I am trying to write an apache beam pipeline where the pipeline divides into three branches, where each branch writes into BigQuery, and then merges into one to write another Bigquery Table for logging.
I am unable to merge the branches, here is the code:
pipeline_options = PipelineOptions(None)
p = beam.Pipeline(options=pipeline_options)
ingest_data = (
p
| 'Start Pipeline' >> beam.Create([None])
)
p1 = (ingest_data | 'Read from and to date 1' >> beam.ParDo(OutputValueProviderFn('table1'))
| 'fetch API data 1' >> beam.ParDo(get_api_data())
| 'write into gbq 1' >> beam.io.gcp.bigquery.WriteToBigQuery(table='proj.dataset.table1',
write_disposition=beam.io.BigQueryDisposition.WRITE_APPEND,
create_disposition=beam.io.BigQueryDisposition.CREATE_IF_NEEDED,
custom_gcs_temp_location='gs://project/temp')
)
p2 = (ingest_data | 'Read from and to date 2' >> beam.ParDo(OutputValueProviderFn('table2'))
| 'fetch API data 2' >> beam.ParDo(get_api_data())
| 'write into gbq 2' >> beam.io.gcp.bigquery.WriteToBigQuery(table='proj.dataset.table2',
write_disposition=beam.io.BigQueryDisposition.WRITE_APPEND,
create_disposition=beam.io.BigQueryDisposition.CREATE_IF_NEEDED,
custom_gcs_temp_location='gs://proj/temp')
)
p3 = (ingest_data | 'Read from and to date 3' >> beam.ParDo(OutputValueProviderFn('table3'))
| 'fetch API data 3' >> beam.ParDo(get_api_data())
| 'write into gbq 3' >> beam.io.gcp.bigquery.WriteToBigQuery(table='proj.dataset.table3',
write_disposition=beam.io.BigQueryDisposition.WRITE_APPEND,
create_disposition=beam.io.BigQueryDisposition.CREATE_IF_NEEDED,
custom_gcs_temp_location='gs://proj/temp')
)
# Here I would like to merge the three branches into one: This doesn't work
merge = (p1, p2, p3) | 'Write Log' >> beam.io.gcp.bigquery.WriteToBigQuery(table='proj.dataset.table_logging',
write_disposition=beam.io.BigQueryDisposition.WRITE_APPEND,
create_disposition=beam.io.BigQueryDisposition.CREATE_IF_NEEDED,
custom_gcs_temp_location='gs://proj/temp')
)
This causes the following error:
AttributeError: Error trying to access nonexistent attribute `0` in write result.

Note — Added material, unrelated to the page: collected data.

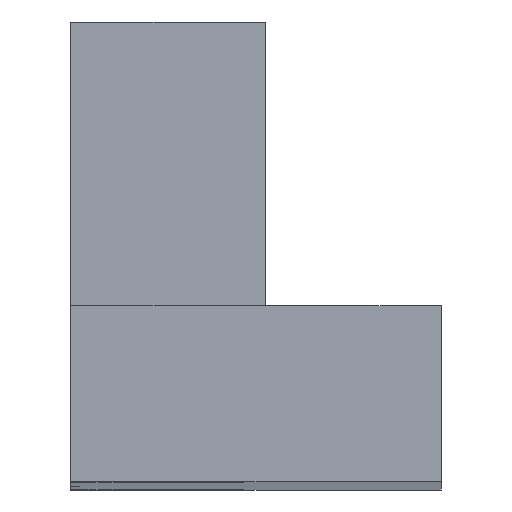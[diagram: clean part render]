
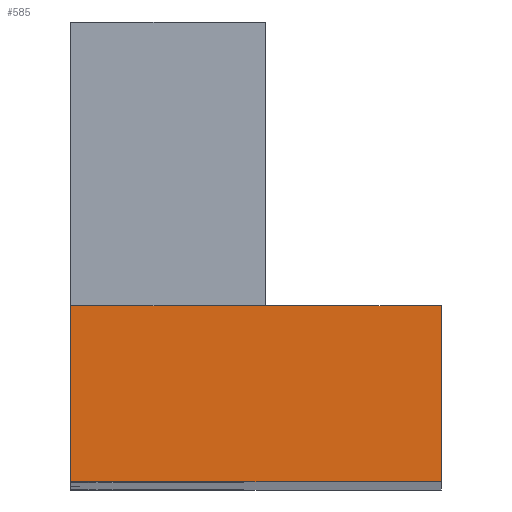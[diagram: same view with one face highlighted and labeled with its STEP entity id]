
A CAD part, top view. The second image highlights one B-rep face of the part: STEP entity #585.
In plain terms, the highlighted planar face has unit normal (0, 0, 1).
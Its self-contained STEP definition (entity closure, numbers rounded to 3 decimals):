
#35 = VERTEX_POINT('',#36);
#36 = CARTESIAN_POINT('',(-86.108,17.59,96.85));
#43 = PLANE('',#44);
#44 = AXIS2_PLACEMENT_3D('',#45,#46,#47);
#45 = CARTESIAN_POINT('',(-86.108,28.89,96.85));
#46 = DIRECTION('',(0.,0.,1.));
#47 = DIRECTION('',(1.,0.,0.));
#67 = EDGE_CURVE('',#35,#68,#70,.T.);
#68 = VERTEX_POINT('',#69);
#69 = CARTESIAN_POINT('',(-78.358,17.59,96.85));
#70 = SURFACE_CURVE('',#71,(#75,#82),.PCURVE_S1.);
#71 = LINE('',#72,#73);
#72 = CARTESIAN_POINT('',(-86.108,17.59,96.85));
#73 = VECTOR('',#74,1.);
#74 = DIRECTION('',(1.,0.,0.));
#75 = PCURVE('',#43,#76);
#76 = DEFINITIONAL_REPRESENTATION('',(#77),#81);
#77 = LINE('',#78,#79);
#78 = CARTESIAN_POINT('',(0.,-11.3));
#79 = VECTOR('',#80,1.);
#80 = DIRECTION('',(1.,0.));
#81 = ( GEOMETRIC_REPRESENTATION_CONTEXT(2) 
PARAMETRIC_REPRESENTATION_CONTEXT() REPRESENTATION_CONTEXT('2D SPACE',''
  ) );
#82 = PCURVE('',#83,#88);
#83 = PLANE('',#84);
#84 = AXIS2_PLACEMENT_3D('',#85,#86,#87);
#85 = CARTESIAN_POINT('',(-86.108,17.59,96.85));
#86 = DIRECTION('',(0.,0.,1.));
#87 = DIRECTION('',(1.,0.,0.));
#88 = DEFINITIONAL_REPRESENTATION('',(#89),#93);
#89 = LINE('',#90,#91);
#90 = CARTESIAN_POINT('',(0.,0.));
#91 = VECTOR('',#92,1.);
#92 = DIRECTION('',(1.,0.));
#93 = ( GEOMETRIC_REPRESENTATION_CONTEXT(2) 
PARAMETRIC_REPRESENTATION_CONTEXT() REPRESENTATION_CONTEXT('2D SPACE',''
  ) );
#196 = PLANE('',#197);
#197 = AXIS2_PLACEMENT_3D('',#198,#199,#200);
#198 = CARTESIAN_POINT('',(-86.108,17.59,85.75));
#199 = DIRECTION('',(-1.,0.,0.));
#200 = DIRECTION('',(0.,0.,1.));
#250 = PLANE('',#251);
#251 = AXIS2_PLACEMENT_3D('',#252,#253,#254);
#252 = CARTESIAN_POINT('',(-78.855,17.59,3.702));
#253 = DIRECTION('',(0.,1.,0.));
#254 = DIRECTION('',(0.,0.,1.));
#585 = ADVANCED_FACE('',(#586),#83,.T.);
#586 = FACE_BOUND('',#587,.T.);
#587 = EDGE_LOOP('',(#588,#611,#639,#667,#688));
#588 = ORIENTED_EDGE('',*,*,#589,.T.);
#589 = EDGE_CURVE('',#35,#590,#592,.T.);
#590 = VERTEX_POINT('',#591);
#591 = CARTESIAN_POINT('',(-86.108,10.59,96.85));
#592 = SURFACE_CURVE('',#593,(#597,#604),.PCURVE_S1.);
#593 = LINE('',#594,#595);
#594 = CARTESIAN_POINT('',(-86.108,17.59,96.85));
#595 = VECTOR('',#596,1.);
#596 = DIRECTION('',(0.,-1.,0.));
#597 = PCURVE('',#83,#598);
#598 = DEFINITIONAL_REPRESENTATION('',(#599),#603);
#599 = LINE('',#600,#601);
#600 = CARTESIAN_POINT('',(0.,0.));
#601 = VECTOR('',#602,1.);
#602 = DIRECTION('',(0.,-1.));
#603 = ( GEOMETRIC_REPRESENTATION_CONTEXT(2) 
PARAMETRIC_REPRESENTATION_CONTEXT() REPRESENTATION_CONTEXT('2D SPACE',''
  ) );
#604 = PCURVE('',#196,#605);
#605 = DEFINITIONAL_REPRESENTATION('',(#606),#610);
#606 = LINE('',#607,#608);
#607 = CARTESIAN_POINT('',(11.1,0.));
#608 = VECTOR('',#609,1.);
#609 = DIRECTION('',(0.,-1.));
#610 = ( GEOMETRIC_REPRESENTATION_CONTEXT(2) 
PARAMETRIC_REPRESENTATION_CONTEXT() REPRESENTATION_CONTEXT('2D SPACE',''
  ) );
#611 = ORIENTED_EDGE('',*,*,#612,.T.);
#612 = EDGE_CURVE('',#590,#613,#615,.T.);
#613 = VERTEX_POINT('',#614);
#614 = CARTESIAN_POINT('',(-71.358,10.59,96.85));
#615 = SURFACE_CURVE('',#616,(#620,#627),.PCURVE_S1.);
#616 = LINE('',#617,#618);
#617 = CARTESIAN_POINT('',(-86.108,10.59,96.85));
#618 = VECTOR('',#619,1.);
#619 = DIRECTION('',(1.,0.,0.));
#620 = PCURVE('',#83,#621);
#621 = DEFINITIONAL_REPRESENTATION('',(#622),#626);
#622 = LINE('',#623,#624);
#623 = CARTESIAN_POINT('',(0.,-7.));
#624 = VECTOR('',#625,1.);
#625 = DIRECTION('',(1.,0.));
#626 = ( GEOMETRIC_REPRESENTATION_CONTEXT(2) 
PARAMETRIC_REPRESENTATION_CONTEXT() REPRESENTATION_CONTEXT('2D SPACE',''
  ) );
#627 = PCURVE('',#628,#633);
#628 = PLANE('',#629);
#629 = AXIS2_PLACEMENT_3D('',#630,#631,#632);
#630 = CARTESIAN_POINT('',(-78.855,10.59,3.702));
#631 = DIRECTION('',(0.,1.,0.));
#632 = DIRECTION('',(0.,0.,1.));
#633 = DEFINITIONAL_REPRESENTATION('',(#634),#638);
#634 = LINE('',#635,#636);
#635 = CARTESIAN_POINT('',(93.148,-7.253));
#636 = VECTOR('',#637,1.);
#637 = DIRECTION('',(0.,1.));
#638 = ( GEOMETRIC_REPRESENTATION_CONTEXT(2) 
PARAMETRIC_REPRESENTATION_CONTEXT() REPRESENTATION_CONTEXT('2D SPACE',''
  ) );
#639 = ORIENTED_EDGE('',*,*,#640,.F.);
#640 = EDGE_CURVE('',#641,#613,#643,.T.);
#641 = VERTEX_POINT('',#642);
#642 = CARTESIAN_POINT('',(-71.358,17.59,96.85));
#643 = SURFACE_CURVE('',#644,(#648,#655),.PCURVE_S1.);
#644 = LINE('',#645,#646);
#645 = CARTESIAN_POINT('',(-71.358,17.59,96.85));
#646 = VECTOR('',#647,1.);
#647 = DIRECTION('',(0.,-1.,0.));
#648 = PCURVE('',#83,#649);
#649 = DEFINITIONAL_REPRESENTATION('',(#650),#654);
#650 = LINE('',#651,#652);
#651 = CARTESIAN_POINT('',(14.75,0.));
#652 = VECTOR('',#653,1.);
#653 = DIRECTION('',(0.,-1.));
#654 = ( GEOMETRIC_REPRESENTATION_CONTEXT(2) 
PARAMETRIC_REPRESENTATION_CONTEXT() REPRESENTATION_CONTEXT('2D SPACE',''
  ) );
#655 = PCURVE('',#656,#661);
#656 = PLANE('',#657);
#657 = AXIS2_PLACEMENT_3D('',#658,#659,#660);
#658 = CARTESIAN_POINT('',(-71.358,17.59,96.85));
#659 = DIRECTION('',(1.,0.,0.));
#660 = DIRECTION('',(0.,0.,-1.));
#661 = DEFINITIONAL_REPRESENTATION('',(#662),#666);
#662 = LINE('',#663,#664);
#663 = CARTESIAN_POINT('',(0.,0.));
#664 = VECTOR('',#665,1.);
#665 = DIRECTION('',(0.,-1.));
#666 = ( GEOMETRIC_REPRESENTATION_CONTEXT(2) 
PARAMETRIC_REPRESENTATION_CONTEXT() REPRESENTATION_CONTEXT('2D SPACE',''
  ) );
#667 = ORIENTED_EDGE('',*,*,#668,.F.);
#668 = EDGE_CURVE('',#68,#641,#669,.T.);
#669 = SURFACE_CURVE('',#670,(#674,#681),.PCURVE_S1.);
#670 = LINE('',#671,#672);
#671 = CARTESIAN_POINT('',(-86.108,17.59,96.85));
#672 = VECTOR('',#673,1.);
#673 = DIRECTION('',(1.,0.,0.));
#674 = PCURVE('',#83,#675);
#675 = DEFINITIONAL_REPRESENTATION('',(#676),#680);
#676 = LINE('',#677,#678);
#677 = CARTESIAN_POINT('',(0.,0.));
#678 = VECTOR('',#679,1.);
#679 = DIRECTION('',(1.,0.));
#680 = ( GEOMETRIC_REPRESENTATION_CONTEXT(2) 
PARAMETRIC_REPRESENTATION_CONTEXT() REPRESENTATION_CONTEXT('2D SPACE',''
  ) );
#681 = PCURVE('',#250,#682);
#682 = DEFINITIONAL_REPRESENTATION('',(#683),#687);
#683 = LINE('',#684,#685);
#684 = CARTESIAN_POINT('',(93.148,-7.253));
#685 = VECTOR('',#686,1.);
#686 = DIRECTION('',(0.,1.));
#687 = ( GEOMETRIC_REPRESENTATION_CONTEXT(2) 
PARAMETRIC_REPRESENTATION_CONTEXT() REPRESENTATION_CONTEXT('2D SPACE',''
  ) );
#688 = ORIENTED_EDGE('',*,*,#67,.F.);

Please see __documentation__ for available attributes.
I don't care about the output of the three branches, I need to merge them just to be sure that the three previous writes are completed.
Beam inspector graph looks like this:
You can't merge from WriteToBigQuery, you need to redesign your pipeline:
ingest_data = (
p
| 'Start Pipeline' >> beam.Create([None])
)
p1 = (ingest_data | 'Read from and to date 1' >> beam.ParDo(OutputValueProviderFn('table1'))
| 'fetch API data 1' >> beam.ParDo(get_api_data())
)
p2 = (ingest_data | 'Read from and to date 2' >> beam.ParDo(OutputValueProviderFn('table2'))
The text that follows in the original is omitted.